Age — and, indeed, time — are important parts of director Ribhu Dasgupta’s narrative in his confoundingly titled thriller, and Bachchan is the ideal choice for the part of an inconsolable grandfather, doggedly desperate to find out about a long-ago kidnapping that led to his granddaughter’s death. The actor shuffles through both bewilderment and clarity, everything a struggle for his John Biswas, from starting a scooter to remembering the name of the soup he’s making. He’s terrific in the part, evocative and righteous and overreaching for the truth, but alas, Dasgupta seems too smitten with Bachchan to get a move on and tell the story. A remake of the Korean thriller Montage, Te3n unfolds its dramatic plot — too sluggishly — but this isn’t too bad until we hit the climax, after which the film’s makers are too obsessed with Bachchan (and his reactions to the climax, and its twist) to let the story work.

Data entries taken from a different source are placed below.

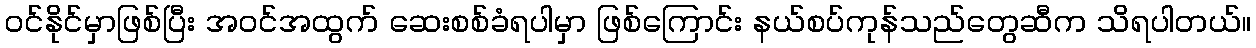
ဝင်နိုင်မှာဖြစ်ပြီး အဝင်အထွက် ဆေးစစ်ခံရပါမှာ ဖြစ်ကြောင်း နယ်စပ်ကုန်သည်တွေဆီက သိရပါတယ်။
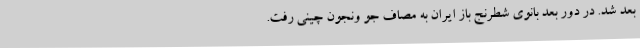
بعد شد. در دور بعد بانوی شطرنج باز ایران به مصاف جو ونجون چینی رفت.
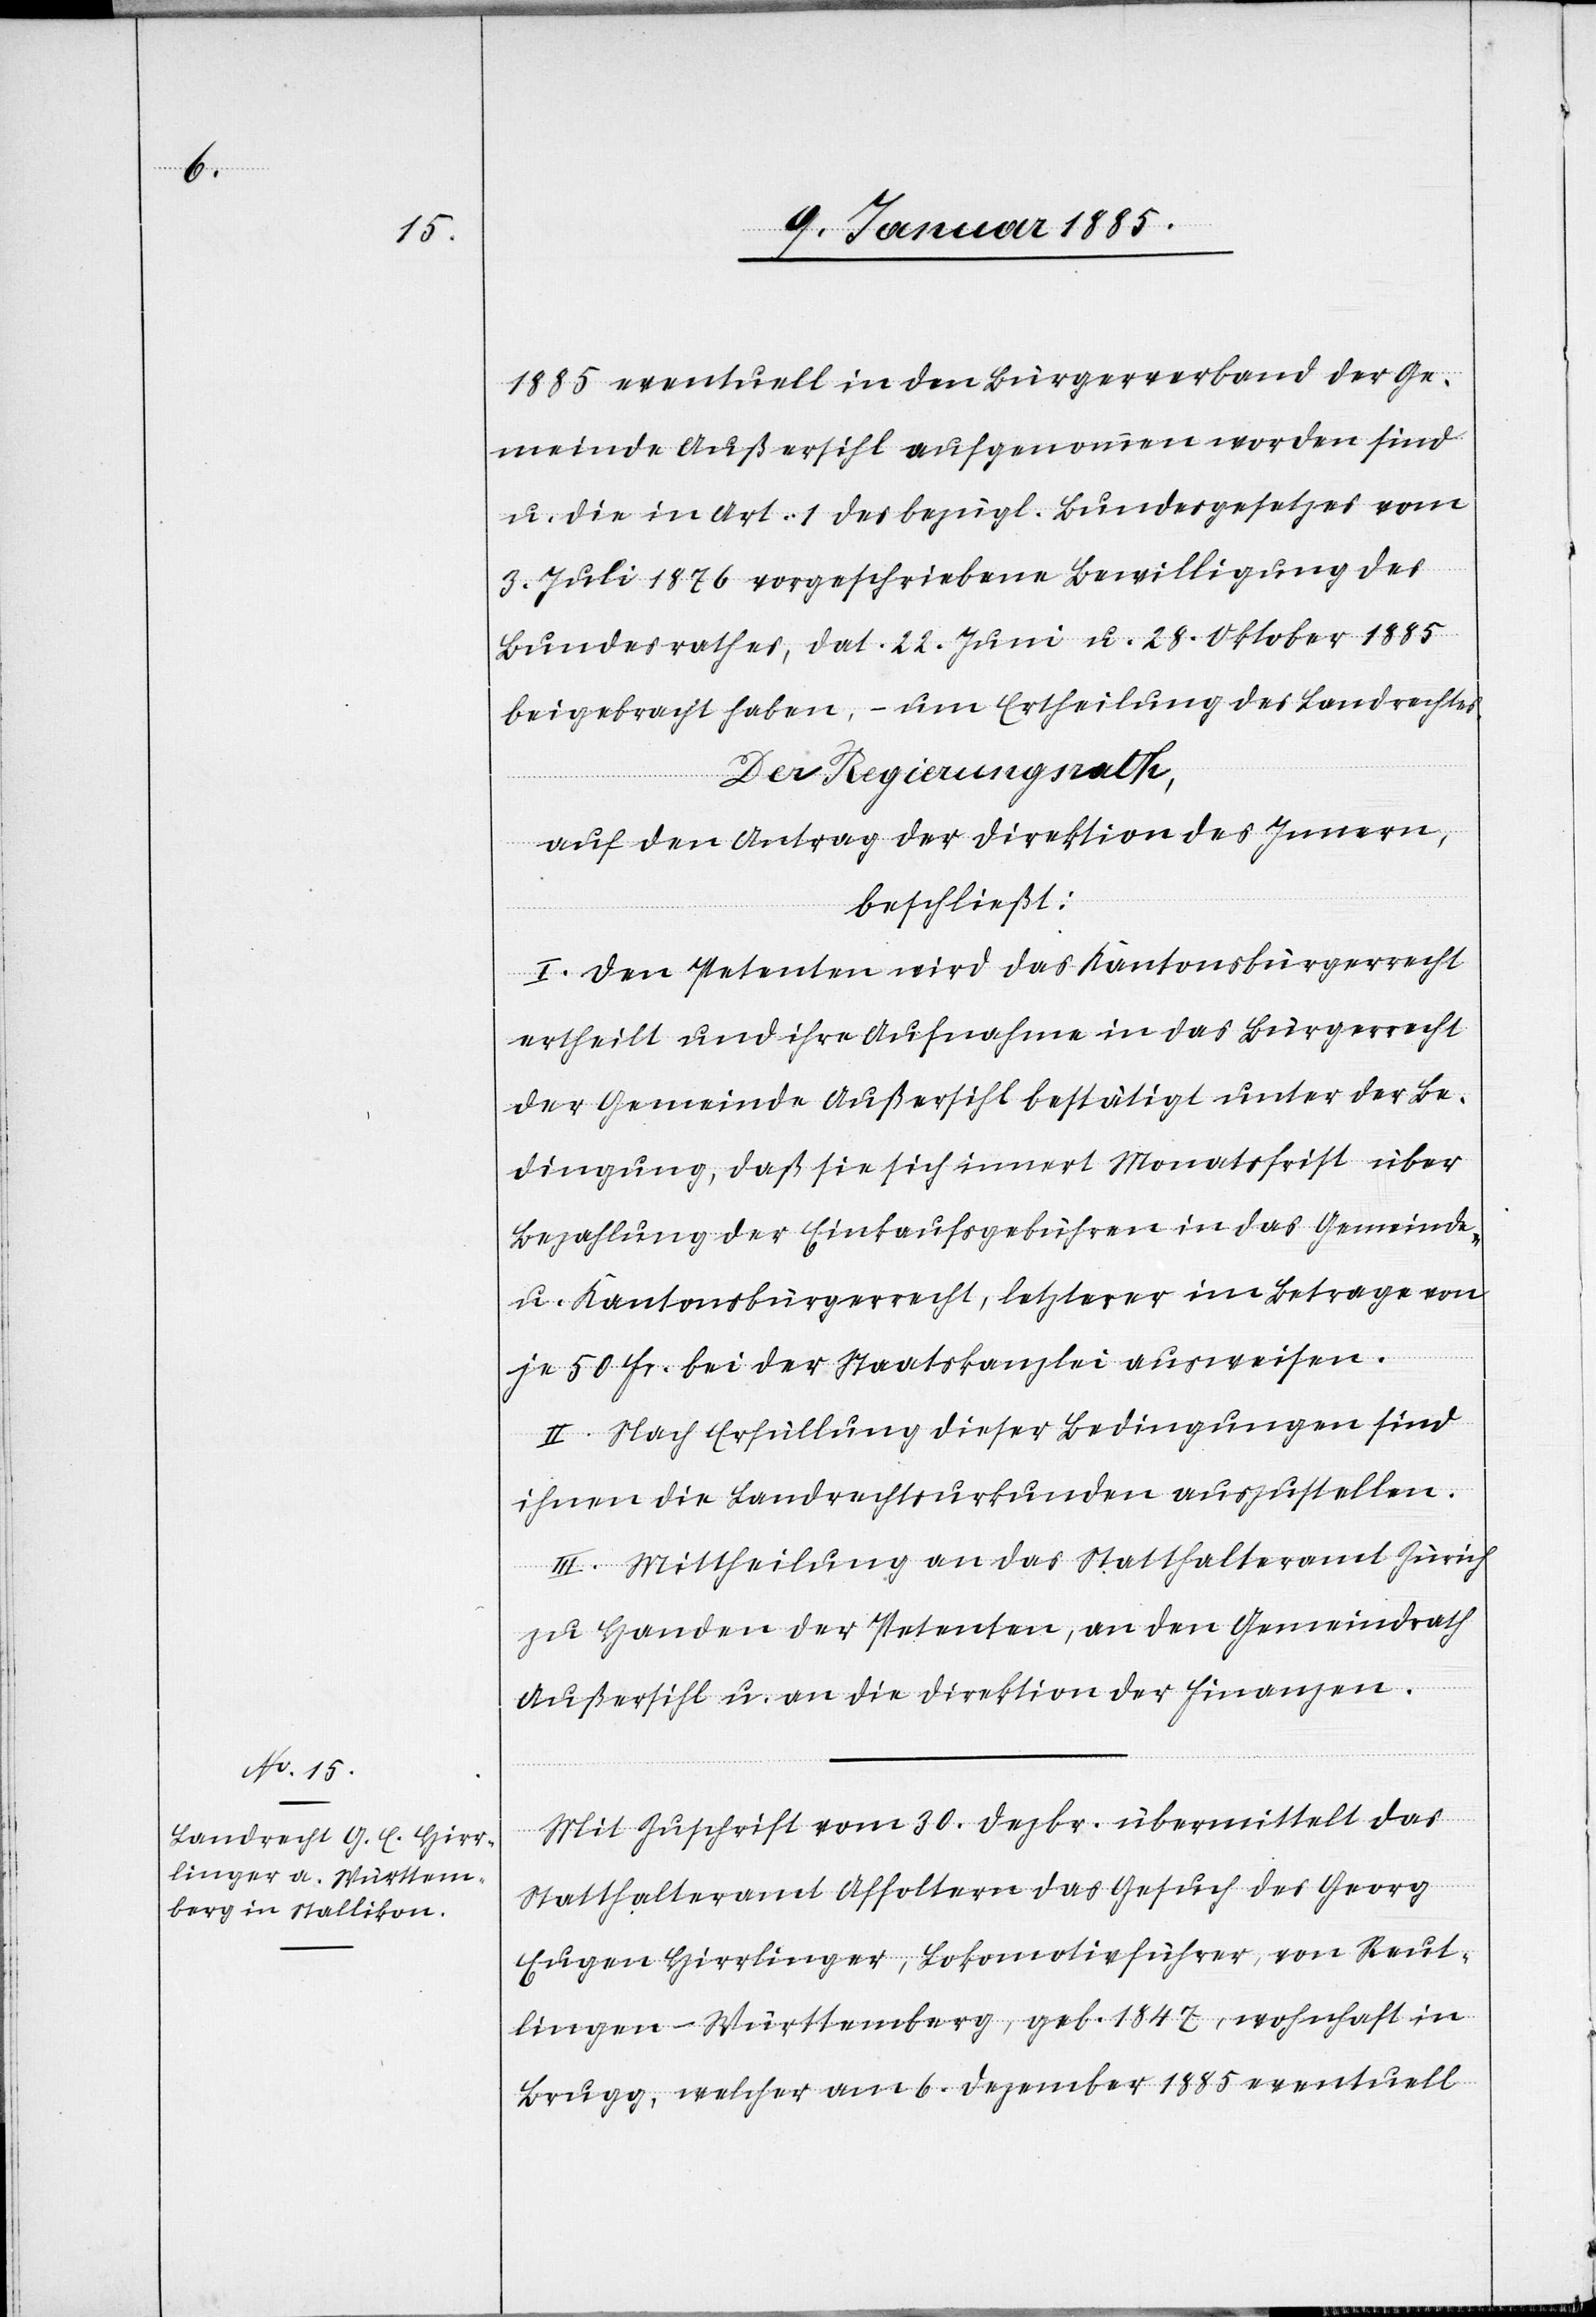
1885 eventuell in den Bürgerverband der Ge¬
meinde Außersihl aufgenommen worden sind
u. die in Art. 1 des bezügl. Bundesgesetzes vom
3. Juli 1876 vorgeschriebene Bewilligung des
Bundesrathes, dat. 22. Juni u. 28. Oktober 1885
beigebracht haben, – um Ertheilung des Landrechtes.
Der Regierungsrath,
auf den Antrag der Direktion des Innern,
beschließt:
I. Den Petenten wird das Kantonsbürgerrecht
ertheilt und ihre Aufnahme in das Bürgerrecht
der Gemeinde Außersihl bestätigt unter der Be¬
dingung, daß sie sich innert Monatsfrist über
Bezahlung der Einkaufsgebühren in das Gemeinde-
u. Kantonsbürgerrecht, letzterer im Betrage von
je 50 Fr. bei der Staatskanzlei ausweisen.
II. Nach Ertheilung dieser Bedingungen sind
ihnen die Landrechtsurkunden auszustellen.
III. Mittheilung an das Statthalteramt Zürich
zu Handen der Petenten, an den Gemeindrath
Außersihl u. an die Direktion der Finanzen.
Mit Zuschrift vom 30. Dezbr. übermittelt das
Statthalteramt Affoltern das Gesuch des Georg
Eugen Hirrlinger, Lokomotivführer, von Reut¬
lingen - Württemberg, geb. 1847, wohnhaft in
Brugg, welcher am 6. Dezember 1885 eventuell
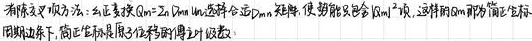
有限域 \(F_q\) 乘法为 \(\circ\). 当正整数 \(m(m\geq 2)\) 满足对合适 \(D\subset m\) 矩阵，使 \(\mathcal{F}\) 及 \(S\) 包含 \(\mathbb{Z}_m^*\)，这样的 \(\mathbb{Z}_m\) 称为“修正主值”
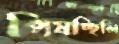
পিষচ্ছিলি
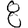
Digit: 8

One of the most exasperating things about Hindi movies are their over-reliance on flashbacks, their need to spoon-feed audiences by reminding them of something they saw ten minutes ago, and the last half-hour of Te3n goes on interminably, recapping the entire film as if to show us how clever they’ve been. Tragically, however, they haven’t been clever at all. It’s difficult not to predict the film’s twist, and — the fundamental problem in films that hinge too critically on that massive twist — when that doesn’t fall into place, the whole house of cards collapses to the ground.

Bachchan, as said, plays John The Victim, a grieving-bereaving role uncannily similar to the one he played in Wazir mere months ago. Nawazuddin Siddiqui plays Father Martin, a former policeman (now a short-sleeved clergyman) who happens to be John’s confidante. This, it must be said, is not Siddiqui at his brightest. The actor, perhaps in a bid to create a coldly efficient character, plays his part too drily to be as compelling as the film demands, and — worse still — delivers unfunny lines with the air of a comic waiting for a laugh. He is completely shown up by the reliably effective Vidya Balan, who with one disbelieving mention of his name, dangling questionmark raised at the end like an eyebrow, brings alive character and context immediately. “Father Martin?”

And, of course, by Bachchan, who exposes Siddiqui’s sloppy accent work; as the younger actor stumbles over ‘Ripon Sitreet’ in the most un-Bengali fashion, the veteran expertly drops in subtle touches like saying ‘Kidnapar’, as only Bengalis could. Not for him the clichéd overdoing of Os.

Cinematographer Tushar Kanti Ray shoots Calcutta beautifully, even if the production design is more than a tad on the nose, with clusters of framed vintage photographs better suited to the backdrop to tony Bandra eateries trying to appear old-world instead of just a wall in John Biswas’ house. Still, producer Sujoy Ghosh ensures that there is at least an aesthetic in place, and the film is competently crafted even if it squanders its narrative potential. Overall, like the Calcutta police station that features a library of audiocassettes full of ransom demands — a shelf of kidnapper mixtapes, if you will — TE3N feels like it was put together by people who didn’t know where things should go.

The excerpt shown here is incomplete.